I cried the first time I heard that. It hurt down to my very core. I never felt so unimportant in my father’s life than at that moment. I mean I spent almost three weeks of my pregnancy living at his house! We watched kung fu movies together. There was the night he went out and got us a 100 piece bucket of chicken nuggets from McDonald’s because I was craving them and my fiance had gone to work. He gave up his room for me to sleep in and moved to the couch. (My fiance slept in the other bedroom down the hall because my parents did not raise me to be disrespectful to their house rules even if I was grown and with child.)
And I was pretty sure that in those almost three weeks, I had surely mentioned the name I was decided on and he seemed to recall it every time he rubbed my belly and cooed to his unborn granddaughter. Thank heavens that Moo came out a girl because we had chosen not to find out the sex, but common sense told me that my mother had five girls, my grandmother had nine girls and her mother had mostly girls and I too would 99.5% most likely be having a girl. Her dad and everybody else swore she was coming out a boy. LOL. Imagine the shock when she came out a girl.

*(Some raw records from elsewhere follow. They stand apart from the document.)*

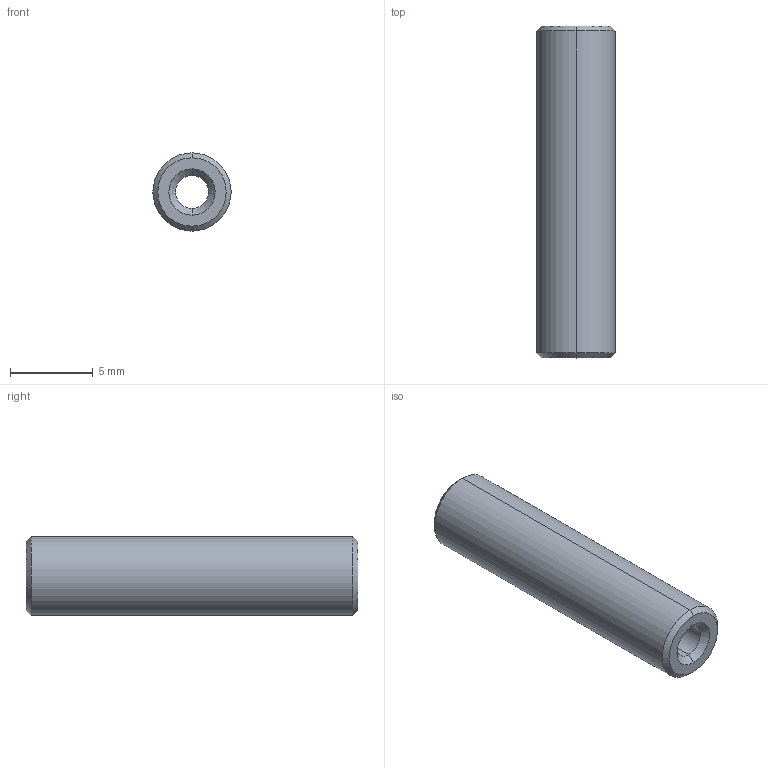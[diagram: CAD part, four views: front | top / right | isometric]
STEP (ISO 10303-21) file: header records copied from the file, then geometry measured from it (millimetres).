
FILE_DESCRIPTION (( 'STEP AP203' ), '1' );
FILE_NAME ('2035-G.STEP', '2016-09-02T15:40:54', ( '' ), ( '' ), 'SwSTEP 2.0', 'SolidWorks 2015', '' );
FILE_SCHEMA (( 'CONFIG_CONTROL_DESIGN' ));
Length unit declared in the file: millimetre
Products named in the file (1): 2035-G
Bounding box: 4.74 x 20.1 x 4.74 mm (x, y, z)
Volume: 289.1 mm3; surface area: 446.6 mm2
Topology: 1 solids, 1 shells, 14 faces, 28 edges, 16 vertices
Faces by surface type: cone 8, cylinder 4, plane 2
Entity records: 445 total; most frequent: DIRECTION 74, CARTESIAN_POINT 59, ORIENTED_EDGE 56, AXIS2_PLACEMENT_3D 31, EDGE_CURVE 28, EDGE_LOOP 16, CIRCLE 16, VERTEX_POINT 16
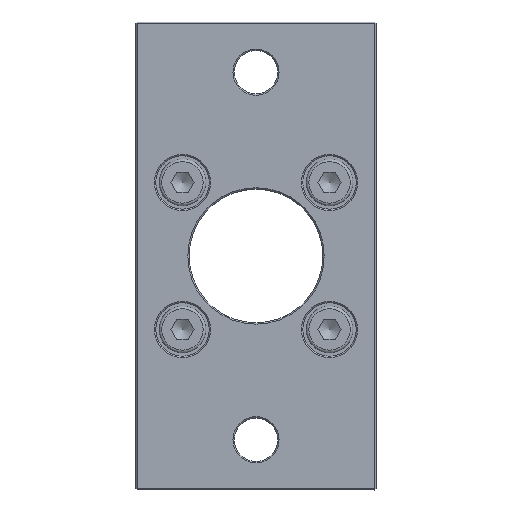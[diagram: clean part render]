
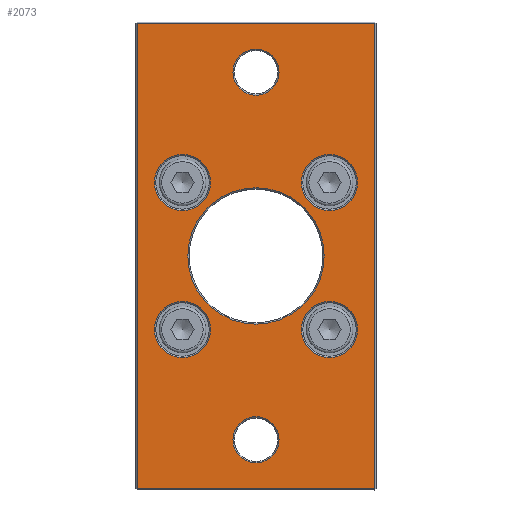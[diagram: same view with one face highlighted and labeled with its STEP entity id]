
A CAD part, top view. The second image highlights one B-rep face of the part: STEP entity #2073.
In plain terms, the highlighted planar face has unit normal (0, 0, 1).
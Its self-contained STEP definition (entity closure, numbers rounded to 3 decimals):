
#133=LINE('',#3411,#274);
#134=LINE('',#3413,#275);
#135=LINE('',#3415,#276);
#136=LINE('',#3416,#277);
#274=VECTOR('',#2727,10.);
#275=VECTOR('',#2728,10.);
#276=VECTOR('',#2729,10.);
#277=VECTOR('',#2730,10.);
#385=FACE_BOUND('',#592,.T.);
#386=FACE_BOUND('',#593,.T.);
#387=FACE_BOUND('',#594,.T.);
#388=FACE_BOUND('',#595,.T.);
#389=FACE_BOUND('',#596,.T.);
#390=FACE_BOUND('',#597,.T.);
#391=FACE_BOUND('',#598,.T.);
#464=FACE_OUTER_BOUND('',#591,.T.);
#591=EDGE_LOOP('',(#1577,#1578,#1579,#1580));
#592=EDGE_LOOP('',(#1581));
#593=EDGE_LOOP('',(#1582));
#594=EDGE_LOOP('',(#1583));
#595=EDGE_LOOP('',(#1584));
#596=EDGE_LOOP('',(#1585));
#597=EDGE_LOOP('',(#1586));
#598=EDGE_LOOP('',(#1587));
#739=CIRCLE('',#2284,4.2);
#742=CIRCLE('',#2288,4.2);
#743=CIRCLE('',#2289,10.2);
#744=CIRCLE('',#2290,4.2);
#745=CIRCLE('',#2291,3.45);
#746=CIRCLE('',#2292,4.2);
#747=CIRCLE('',#2293,3.45);
#903=VERTEX_POINT('',#3401);
#906=VERTEX_POINT('',#3409);
#907=VERTEX_POINT('',#3410);
#908=VERTEX_POINT('',#3412);
#909=VERTEX_POINT('',#3414);
#910=VERTEX_POINT('',#3417);
#911=VERTEX_POINT('',#3419);
#912=VERTEX_POINT('',#3421);
#913=VERTEX_POINT('',#3423);
#914=VERTEX_POINT('',#3425);
#915=VERTEX_POINT('',#3427);
#1135=EDGE_CURVE('',#903,#903,#739,.T.);
#1139=EDGE_CURVE('',#906,#907,#133,.T.);
#1140=EDGE_CURVE('',#908,#906,#134,.T.);
#1141=EDGE_CURVE('',#909,#908,#135,.T.);
#1142=EDGE_CURVE('',#907,#909,#136,.T.);
#1143=EDGE_CURVE('',#910,#910,#742,.T.);
#1144=EDGE_CURVE('',#911,#911,#743,.T.);
#1145=EDGE_CURVE('',#912,#912,#744,.T.);
#1146=EDGE_CURVE('',#913,#913,#745,.T.);
#1147=EDGE_CURVE('',#914,#914,#746,.T.);
#1148=EDGE_CURVE('',#915,#915,#747,.T.);
#1577=ORIENTED_EDGE('',*,*,#1139,.F.);
#1578=ORIENTED_EDGE('',*,*,#1140,.F.);
#1579=ORIENTED_EDGE('',*,*,#1141,.F.);
#1580=ORIENTED_EDGE('',*,*,#1142,.F.);
#1581=ORIENTED_EDGE('',*,*,#1143,.F.);
#1582=ORIENTED_EDGE('',*,*,#1144,.F.);
#1583=ORIENTED_EDGE('',*,*,#1145,.F.);
#1584=ORIENTED_EDGE('',*,*,#1146,.F.);
#1585=ORIENTED_EDGE('',*,*,#1147,.F.);
#1586=ORIENTED_EDGE('',*,*,#1148,.F.);
#1587=ORIENTED_EDGE('',*,*,#1135,.F.);
#1862=PLANE('',#2287);
#2073=ADVANCED_FACE('',(#464,#385,#386,#387,#388,#389,#390,#391),#1862,
 .T.);
#2284=AXIS2_PLACEMENT_3D('',#3402,#2718,#2719);
#2287=AXIS2_PLACEMENT_3D('',#3408,#2725,#2726);
#2288=AXIS2_PLACEMENT_3D('',#3418,#2731,#2732);
#2289=AXIS2_PLACEMENT_3D('',#3420,#2733,#2734);
#2290=AXIS2_PLACEMENT_3D('',#3422,#2735,#2736);
#2291=AXIS2_PLACEMENT_3D('',#3424,#2737,#2738);
#2292=AXIS2_PLACEMENT_3D('',#3426,#2739,#2740);
#2293=AXIS2_PLACEMENT_3D('',#3428,#2741,#2742);
#2718=DIRECTION('center_axis',(0.,0.,
1.));
#2719=DIRECTION('ref_axis',(1.,0.,0.));
#2725=DIRECTION('center_axis',(0.,0.,
1.));
#2726=DIRECTION('ref_axis',(-1.,0.,0.));
#2727=DIRECTION('',(0.,1.,0.));
#2728=DIRECTION('',(-1.,0.,0.));
#2729=DIRECTION('',(0.,-1.,0.));
#2730=DIRECTION('',(1.,0.,0.));
#2731=DIRECTION('center_axis',(0.,0.,
1.));
#2732=DIRECTION('ref_axis',(1.,0.,0.));
#2733=DIRECTION('center_axis',(0.,0.,
1.));
#2734=DIRECTION('ref_axis',(1.,0.,0.));
#2735=DIRECTION('center_axis',(0.,0.,
1.));
#2736=DIRECTION('ref_axis',(1.,0.,0.));
#2737=DIRECTION('center_axis',(0.,0.,
1.));
#2738=DIRECTION('ref_axis',(1.,0.,0.));
#2739=DIRECTION('center_axis',(0.,0.,
1.));
#2740=DIRECTION('ref_axis',(1.,0.,0.));
#2741=DIRECTION('center_axis',(0.,0.,
1.));
#2742=DIRECTION('ref_axis',(1.,0.,0.));
#3401=CARTESIAN_POINT('',(-15.2,-11.,10.));
#3402=CARTESIAN_POINT('Origin',(-11.,-11.,10.));
#3408=CARTESIAN_POINT('Origin',(0.,0.,
10.));
#3409=CARTESIAN_POINT('',(-17.8,-34.8,10.));
#3410=CARTESIAN_POINT('',(-17.8,34.8,10.));
#3411=CARTESIAN_POINT('',(-17.8,-17.5,10.));
#3412=CARTESIAN_POINT('',(17.8,-34.8,10.));
#3413=CARTESIAN_POINT('',(9.,-34.8,10.));
#3414=CARTESIAN_POINT('',(17.8,34.8,10.));
#3415=CARTESIAN_POINT('',(17.8,17.5,10.));
#3416=CARTESIAN_POINT('',(-9.,34.8,10.));
#3417=CARTESIAN_POINT('',(6.8,-11.,10.));
#3418=CARTESIAN_POINT('Origin',(11.,-11.,10.));
#3419=CARTESIAN_POINT('',(-10.2,0.,10.));
#3420=CARTESIAN_POINT('Origin',(0.,0.,
10.));
#3421=CARTESIAN_POINT('',(6.8,11.,10.));
#3422=CARTESIAN_POINT('Origin',(11.,11.,10.));
#3423=CARTESIAN_POINT('',(-3.45,27.5,10.));
#3424=CARTESIAN_POINT('Origin',(0.,27.5,10.));
#3425=CARTESIAN_POINT('',(-15.2,11.,10.));
#3426=CARTESIAN_POINT('Origin',(-11.,11.,10.));
#3427=CARTESIAN_POINT('',(-3.45,-27.5,10.));
#3428=CARTESIAN_POINT('Origin',(0.,-27.5,10.));
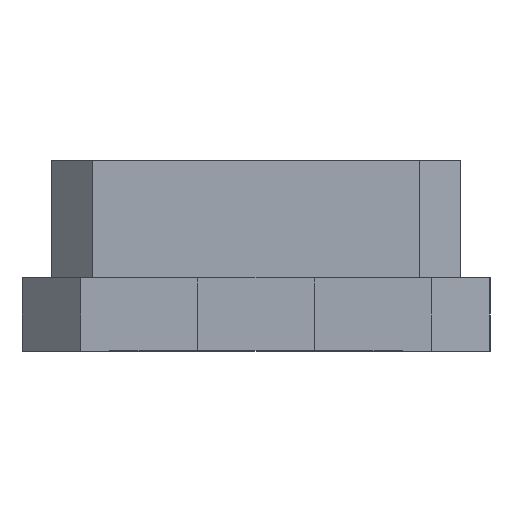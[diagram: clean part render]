
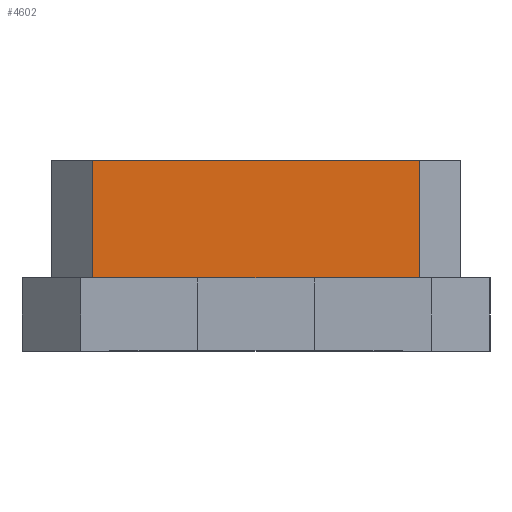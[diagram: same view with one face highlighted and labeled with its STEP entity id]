
A CAD part, left-side view. The second image highlights one B-rep face of the part: STEP entity #4602.
In plain terms, the highlighted planar face has unit normal (-1, 0, 0).
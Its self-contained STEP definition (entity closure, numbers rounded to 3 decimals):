
#100 = CARTESIAN_POINT ( 'NONE',  ( -2.3, 1.117, 0.5 ) ) ;
#128 = VERTEX_POINT ( 'NONE', #3962 ) ;
#222 = ORIENTED_EDGE ( 'NONE', *, *, #3961, .F. ) ;
#562 = DIRECTION ( 'NONE',  ( 0., -1., 0. ) ) ;
#570 = LINE ( 'NONE', #3456, #4804 ) ;
#578 = EDGE_CURVE ( 'NONE', #2358, #128, #741, .T. ) ;
#741 = LINE ( 'NONE', #1821, #3562 ) ;
#756 = ORIENTED_EDGE ( 'NONE', *, *, #964, .T. ) ;
#964 = EDGE_CURVE ( 'NONE', #1095, #2358, #4989, .T. ) ;
#1060 = CARTESIAN_POINT ( 'NONE',  ( -2.3, 1.117, 7.985 ) ) ;
#1095 = VERTEX_POINT ( 'NONE', #2781 ) ;
#1444 = FACE_OUTER_BOUND ( 'NONE', #5022, .T. ) ;
#1821 = CARTESIAN_POINT ( 'NONE',  ( -2.3, 1.117, 0.5 ) ) ;
#1966 = DIRECTION ( 'NONE',  ( 0., 0., -1. ) ) ;
#2087 = DIRECTION ( 'NONE',  ( 0., 1., 0. ) ) ;
#2227 = DIRECTION ( 'NONE',  ( 0., -1., 0. ) ) ;
#2284 = DIRECTION ( 'NONE',  ( 0., 0., -1. ) ) ;
#2358 = VERTEX_POINT ( 'NONE', #100 ) ;
#2369 = CARTESIAN_POINT ( 'NONE',  ( -2.3, -1.117, 1.3 ) ) ;
#2424 = ORIENTED_EDGE ( 'NONE', *, *, #3789, .F. ) ;
#2770 = VECTOR ( 'NONE', #2284, 1000. ) ;
#2781 = CARTESIAN_POINT ( 'NONE',  ( -2.3, 1.117, 1.3 ) ) ;
#2790 = VECTOR ( 'NONE', #1966, 1000. ) ;
#3456 = CARTESIAN_POINT ( 'NONE',  ( -2.3, 1.117, 1.3 ) ) ;
#3527 = VERTEX_POINT ( 'NONE', #2369 ) ;
#3562 = VECTOR ( 'NONE', #2227, 1000. ) ;
#3626 = PLANE ( 'NONE',  #5010 ) ;
#3689 = DIRECTION ( 'NONE',  ( 1., 0., 0. ) ) ;
#3789 = EDGE_CURVE ( 'NONE', #1095, #3527, #570, .T. ) ;
#3906 = CARTESIAN_POINT ( 'NONE',  ( -2.3, -1.117, 7.985 ) ) ;
#3961 = EDGE_CURVE ( 'NONE', #3527, #128, #5002, .T. ) ;
#3962 = CARTESIAN_POINT ( 'NONE',  ( -2.3, -1.117, 0.5 ) ) ;
#4345 = ORIENTED_EDGE ( 'NONE', *, *, #578, .T. ) ;
#4602 = ADVANCED_FACE ( 'NONE', ( #1444 ), #3626, .F. ) ;
#4804 = VECTOR ( 'NONE', #562, 1000. ) ;
#4952 = CARTESIAN_POINT ( 'NONE',  ( -2.3, 1.117, 7.985 ) ) ;
#4989 = LINE ( 'NONE', #1060, #2770 ) ;
#5002 = LINE ( 'NONE', #3906, #2790 ) ;
#5010 = AXIS2_PLACEMENT_3D ( 'NONE', #4952, #3689, #2087 ) ;
#5022 = EDGE_LOOP ( 'NONE', ( #2424, #756, #4345, #222 ) ) ;
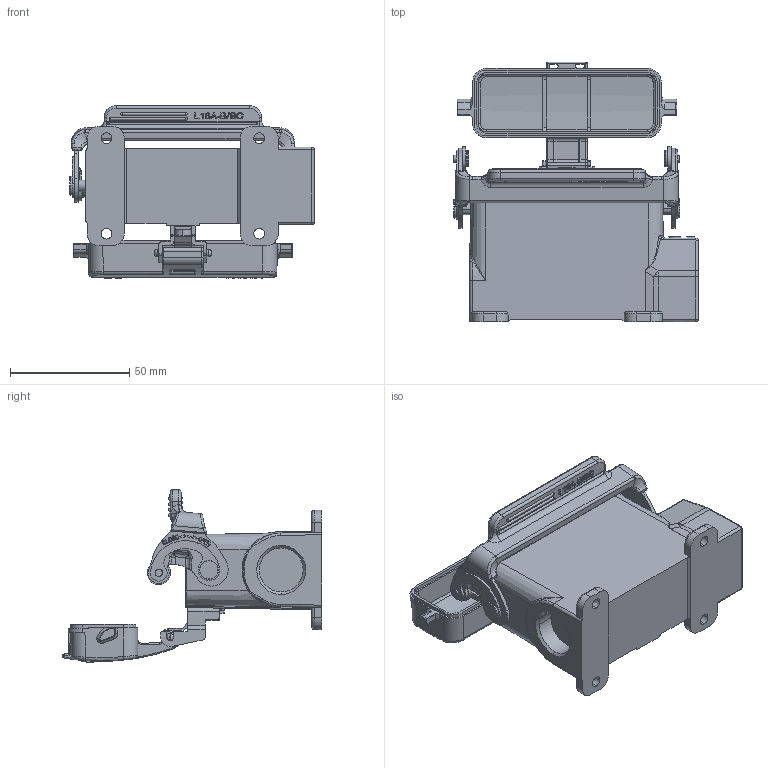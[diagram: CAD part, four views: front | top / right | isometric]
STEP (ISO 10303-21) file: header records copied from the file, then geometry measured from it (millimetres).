
FILE_DESCRIPTION((''),'2;1');
FILE_NAME('122','2024-01-29T',('11539'),(''),'PRO/ENGINEER BY PARAMETRIC TECHNOLOGY CORPORATION, 2012480','PRO/ENGINEER BY PARAMETRIC TECHNOLOGY CORPORATION, 2012480','');
FILE_SCHEMA(('CONFIG_CONTROL_DESIGN'));
Products named in the file (1): 122
Bounding box: 102.35 x 108.74 x 72.32 mm (x, y, z)
Volume: 87708 mm3; surface area: 52585.3 mm2
Topology: 1 solids, 2 shells, 1528 faces, 4259 edges, 2786 vertices
Faces by surface type: plane 629, cylinder 445, extrusion 159, bspline 125, torus 84, cone 46, sphere 37, revolution 3
Entity records: 58800 total; most frequent: CARTESIAN_POINT 21145, ORIENTED_EDGE 8438, DIRECTION 6934, EDGE_CURVE 4219, VERTEX_POINT 2786, AXIS2_PLACEMENT_3D 2344, VECTOR 2243, LINE 2084

I can only hope that Moo’s baptism will bring about a much needed change. During her service I plan to pay tribute to my deceased grandparents and even insert a little reading about the importance of raising children and being their for them even when they become adults. I hope that my father will get the message. I know that he has done somethings to us that will never be forgotten, but at least we can all move forward to a place of healing. I don’t want to have to lie to my daughter the way my parents did to me about not having a grandfather. I pray that God hears this and throws us a miracle.